Interchanging GH13 reaction specificities

Interchangeable reaction specificities of various GH13 members, as shown by mutagenesis studies, also suggest that CGTases evolved from “intermediate multi-specific” enzymes similar to that of neopullulanase or maltogenic amylase. These enzymes produce similar amounts of hydrolase and transglycosylase end products from activity on starch and maltodextrin (Kim et al. 1999; Takata et al. 1992). As mentioned, only three mutations were required to convert Tabium CGTase into an α-amylase like starch hydrolase, with virtually no cyclodextrin forming ability (Kelly et al. 2007). The hydrolytic activities of BC251 CGTase (mutant A230V) and alkalophilic Bacillus sp. I-5 CGTase (mutant M234T/F259I) were also strongly enhanced by mutations at the acceptor subsites, though these two variants retained significant cyclization activity (Leemhuis et al. 2003d; Shim et al. 2004). Deletion of a five amino acid residue loop along with creation of a double mutation, F188L/T189Y, in Novamyl, introduced β-cyclization activity into the maltogenic α-amylase enzyme (Beier et al. 2000). The opposite experiment, involving insertion of the five amino acid loop into Tabium CGTase, converted this enzyme into a starch hydrolase with a strong increase in exo-specificity, similar to Novamyl (Leemhuis et al. 2003a). The reaction specificities of acarviosyl transferase (ATase) and Tabium CGTase were interchanged upon substitution of a single residue at the −1 subsite (Leemhuis et al. 2004b). ATase acquired cyclodextrin forming activity on starch upon introduction of the G140H mutation, while deletion of the histidine 140 side chain in Tabium CGTase enabled the enzyme to transfer the acarviosyl moiety of acarbose to acceptor sugars (Leemhuis et al. 2004b).

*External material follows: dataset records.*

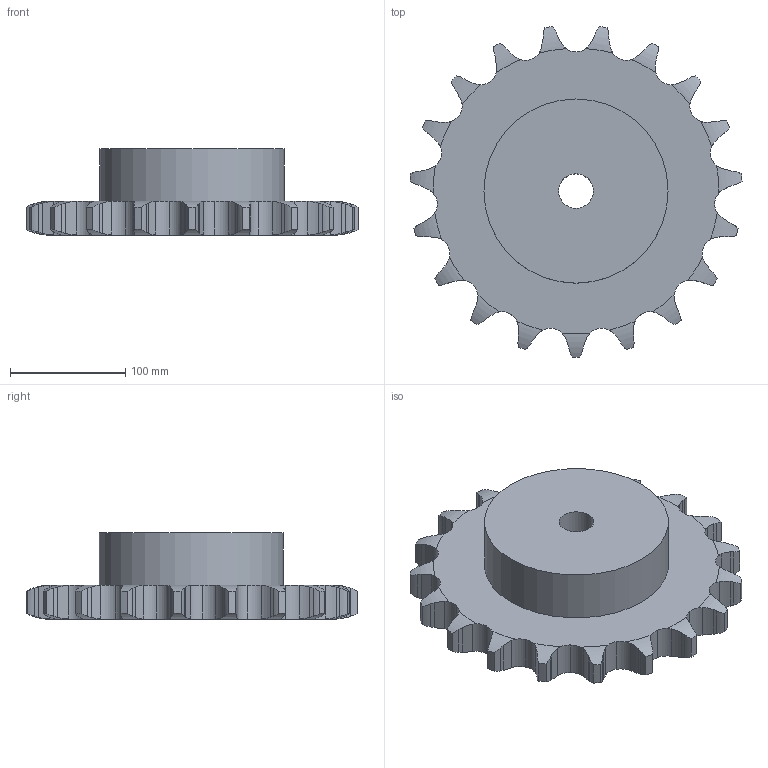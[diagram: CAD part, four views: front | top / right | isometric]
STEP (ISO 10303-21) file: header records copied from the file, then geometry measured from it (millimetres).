
FILE_DESCRIPTION(('FreeCAD Model'),'2;1');
FILE_NAME('Open CASCADE Shape Model','2021-06-27T08:34:57',('FreeCAD'),( 'FreeCAD'),'Open CASCADE STEP processor 7.4','FreeCAD','Unknown');
FILE_SCHEMA(('AUTOMOTIVE_DESIGN { 1 0 10303 214 1 1 1 1 }'));
Length unit declared in the file: millimetre
Products named in the file (1): Open CASCADE STEP translator 7.4 12
Bounding box: 288.49 x 287.54 x 75 mm (x, y, z)
Volume: 2415153.9 mm3; surface area: 170794.6 mm2
Topology: 1 solids, 1 shells, 217 faces, 640 edges, 427 vertices
Faces by surface type: cylinder 135, plane 42, torus 40
Full cylindrical faces by diameter (mm): 30 x1, 160 x1
Entity records: 19918 total; most frequent: CARTESIAN_POINT 9093, DIRECTION 1482, ORIENTED_EDGE 1280, PCURVE 1280, DEFINITIONAL_REPRESENTATION 1280, B_SPLINE_CURVE_WITH_KNOTS 918, LINE 719, VECTOR 719
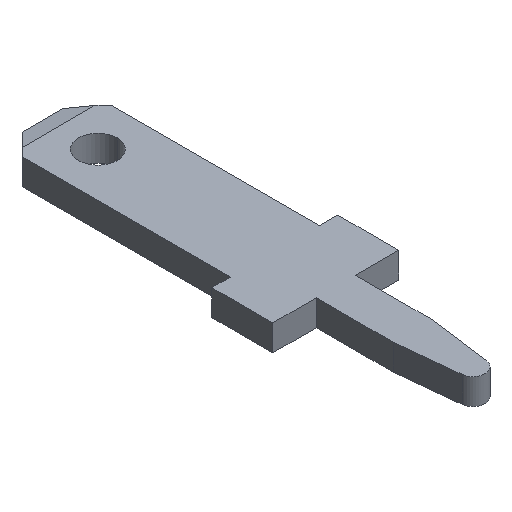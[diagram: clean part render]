
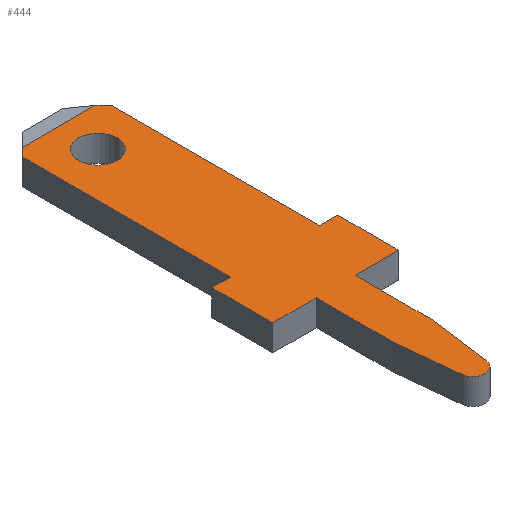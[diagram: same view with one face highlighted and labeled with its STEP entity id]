
A CAD part, isometric view. The second image highlights one B-rep face of the part: STEP entity #444.
In plain terms, the highlighted planar face has unit normal (0, 0, 1).
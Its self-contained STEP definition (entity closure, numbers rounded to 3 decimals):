
#84=CARTESIAN_POINT('',(0.,7.45,0.406));
#85=DIRECTION('',(0.,0.,-1.));
#86=DIRECTION('',(1.,0.,0.));
#87=AXIS2_PLACEMENT_3D('',#84,#85,#86);
#89=CARTESIAN_POINT('',(0.,7.45,0.406));
#90=DIRECTION('',(0.,0.,-1.));
#91=DIRECTION('',(-1.,0.,0.));
#92=AXIS2_PLACEMENT_3D('',#89,#90,#91);
#94=DIRECTION('',(1.,0.,0.));
#95=VECTOR('',#94,2.285);
#96=CARTESIAN_POINT('',(-1.143,8.682,0.406));
#97=LINE('',#96,#95);
#98=DIRECTION('',(-0.707,0.707,0.));
#99=VECTOR('',#98,0.357);
#100=CARTESIAN_POINT('',(1.395,8.43,0.406));
#101=LINE('',#100,#99);
#102=DIRECTION('',(0.,1.,0.));
#103=VECTOR('',#102,6.52);
#104=CARTESIAN_POINT('',(1.395,1.91,0.406));
#105=LINE('',#104,#103);
#106=DIRECTION('',(-1.,0.,0.));
#107=VECTOR('',#106,0.575);
#108=CARTESIAN_POINT('',(1.97,1.91,0.406));
#109=LINE('',#108,#107);
#110=DIRECTION('',(0.,1.,0.));
#111=VECTOR('',#110,1.91);
#112=CARTESIAN_POINT('',(1.97,0.,0.406));
#113=LINE('',#112,#111);
#114=DIRECTION('',(1.,0.,0.));
#115=VECTOR('',#114,1.36);
#116=CARTESIAN_POINT('',(0.61,0.,0.406));
#117=LINE('',#116,#115);
#118=DIRECTION('',(0.,1.,0.));
#119=VECTOR('',#118,2.41);
#120=CARTESIAN_POINT('',(0.61,-2.41,0.406));
#121=LINE('',#120,#119);
#122=DIRECTION('',(0.132,0.991,0.));
#123=VECTOR('',#122,1.977);
#124=CARTESIAN_POINT('',(0.35,-4.37,0.406));
#125=LINE('',#124,#123);
#126=CARTESIAN_POINT('',(-0.027,-4.32,0.406));
#127=DIRECTION('',(0.,0.,1.));
#128=DIRECTION('',(-0.995,-0.105,0.));
#129=AXIS2_PLACEMENT_3D('',#126,#127,#128);
#131=DIRECTION('',(0.105,-0.995,0.));
#132=VECTOR('',#131,1.96);
#133=CARTESIAN_POINT('',(-0.61,-2.41,0.406));
#134=LINE('',#133,#132);
#135=DIRECTION('',(0.,-1.,0.));
#136=VECTOR('',#135,2.41);
#137=CARTESIAN_POINT('',(-0.61,0.,0.406));
#138=LINE('',#137,#136);
#139=DIRECTION('',(1.,0.,0.));
#140=VECTOR('',#139,1.36);
#141=CARTESIAN_POINT('',(-1.97,0.,0.406));
#142=LINE('',#141,#140);
#143=DIRECTION('',(0.,-1.,0.));
#144=VECTOR('',#143,1.91);
#145=CARTESIAN_POINT('',(-1.97,1.91,0.406));
#146=LINE('',#145,#144);
#147=DIRECTION('',(-1.,0.,0.));
#148=VECTOR('',#147,0.575);
#149=CARTESIAN_POINT('',(-1.395,1.91,0.406));
#150=LINE('',#149,#148);
#151=DIRECTION('',(0.,-1.,0.));
#152=VECTOR('',#151,6.52);
#153=CARTESIAN_POINT('',(-1.395,8.43,0.406));
#154=LINE('',#153,#152);
#155=DIRECTION('',(-0.707,-0.707,0.));
#156=VECTOR('',#155,0.357);
#157=CARTESIAN_POINT('',(-1.143,8.682,0.406));
#158=LINE('',#157,#156);
#279=CARTESIAN_POINT('',(0.61,7.45,0.406));
#280=CARTESIAN_POINT('',(-0.61,7.45,0.406));
#281=VERTEX_POINT('',#279);
#282=VERTEX_POINT('',#280);
#283=CARTESIAN_POINT('',(-0.61,-2.41,0.406));
#284=CARTESIAN_POINT('',(-0.405,-4.36,0.406));
#285=VERTEX_POINT('',#283);
#286=VERTEX_POINT('',#284);
#287=CARTESIAN_POINT('',(0.35,-4.37,0.406));
#288=VERTEX_POINT('',#287);
#289=CARTESIAN_POINT('',(0.61,-2.41,0.406));
#290=VERTEX_POINT('',#289);
#291=CARTESIAN_POINT('',(0.61,0.,0.406));
#292=VERTEX_POINT('',#291);
#293=CARTESIAN_POINT('',(1.97,0.,0.406));
#294=VERTEX_POINT('',#293);
#295=CARTESIAN_POINT('',(1.97,1.91,0.406));
#296=VERTEX_POINT('',#295);
#297=CARTESIAN_POINT('',(1.395,1.91,0.406));
#298=VERTEX_POINT('',#297);
#299=CARTESIAN_POINT('',(1.395,8.43,0.406));
#300=VERTEX_POINT('',#299);
#301=CARTESIAN_POINT('',(-1.395,8.43,0.406));
#302=CARTESIAN_POINT('',(-1.395,1.91,0.406));
#303=VERTEX_POINT('',#301);
#304=VERTEX_POINT('',#302);
#305=CARTESIAN_POINT('',(-1.97,1.91,0.406));
#306=VERTEX_POINT('',#305);
#307=CARTESIAN_POINT('',(-1.97,0.,0.406));
#308=VERTEX_POINT('',#307);
#309=CARTESIAN_POINT('',(-0.61,0.,0.406));
#310=VERTEX_POINT('',#309);
#315=CARTESIAN_POINT('',(-1.143,8.682,0.406));
#316=CARTESIAN_POINT('',(1.143,8.682,0.406));
#317=VERTEX_POINT('',#315);
#318=VERTEX_POINT('',#316);
#401=CARTESIAN_POINT('',(0.,0.,0.406));
#402=DIRECTION('',(0.,0.,1.));
#403=DIRECTION('',(1.,0.,0.));
#404=AXIS2_PLACEMENT_3D('',#401,#402,#403);
#405=PLANE('',#404);
#407=ORIENTED_EDGE('',*,*,#406,.T.);
#409=ORIENTED_EDGE('',*,*,#408,.F.);
#411=ORIENTED_EDGE('',*,*,#410,.F.);
#413=ORIENTED_EDGE('',*,*,#412,.F.);
#415=ORIENTED_EDGE('',*,*,#414,.F.);
#417=ORIENTED_EDGE('',*,*,#416,.F.);
#419=ORIENTED_EDGE('',*,*,#418,.F.);
#421=ORIENTED_EDGE('',*,*,#420,.F.);
#423=ORIENTED_EDGE('',*,*,#422,.F.);
#425=ORIENTED_EDGE('',*,*,#424,.F.);
#427=ORIENTED_EDGE('',*,*,#426,.F.);
#429=ORIENTED_EDGE('',*,*,#428,.F.);
#431=ORIENTED_EDGE('',*,*,#430,.F.);
#433=ORIENTED_EDGE('',*,*,#432,.F.);
#435=ORIENTED_EDGE('',*,*,#434,.F.);
#437=ORIENTED_EDGE('',*,*,#436,.F.);
#438=EDGE_LOOP('',(#407,#409,#411,#413,#415,#417,#419,#421,#423,#425,#427,#429,
#431,#433,#435,#437));
#439=FACE_OUTER_BOUND('',#438,.F.);
#440=ORIENTED_EDGE('',*,*,#381,.F.);
#441=ORIENTED_EDGE('',*,*,#395,.F.);
#442=EDGE_LOOP('',(#440,#441));
#443=FACE_BOUND('',#442,.F.);
#444=ADVANCED_FACE('',(#439,#443),#405,.T.);
#88=CIRCLE('',#87,0.61);
#93=CIRCLE('',#92,0.61);
#130=CIRCLE('',#129,0.38);
#381=EDGE_CURVE('',#281,#282,#88,.T.);
#395=EDGE_CURVE('',#282,#281,#93,.T.);
#406=EDGE_CURVE('',#317,#318,#97,.T.);
#408=EDGE_CURVE('',#300,#318,#101,.T.);
#410=EDGE_CURVE('',#298,#300,#105,.T.);
#412=EDGE_CURVE('',#296,#298,#109,.T.);
#414=EDGE_CURVE('',#294,#296,#113,.T.);
#416=EDGE_CURVE('',#292,#294,#117,.T.);
#418=EDGE_CURVE('',#290,#292,#121,.T.);
#420=EDGE_CURVE('',#288,#290,#125,.T.);
#422=EDGE_CURVE('',#286,#288,#130,.T.);
#424=EDGE_CURVE('',#285,#286,#134,.T.);
#426=EDGE_CURVE('',#310,#285,#138,.T.);
#428=EDGE_CURVE('',#308,#310,#142,.T.);
#430=EDGE_CURVE('',#306,#308,#146,.T.);
#432=EDGE_CURVE('',#304,#306,#150,.T.);
#434=EDGE_CURVE('',#303,#304,#154,.T.);
#436=EDGE_CURVE('',#317,#303,#158,.T.);

To conclude, we have highlighted the considerable evolutionary diversification amongst CGTases regarding both cyclodextrin product specificity and thermostability properties. Sequence alignments and product profile analysis of CGTases reveal that substitution of residues and gain and loss of amino acid residues at the donor subsites −3/−7 are largely responsible for the diversity in product specificitity. Changes at the subsites −1/+1/+2, in contrast, are essential for interchanging reaction specificities with other types of GH13 familiy enzyme. These results provide a valuable insight for future engineering efforts to enhance the product specificity of CGTases.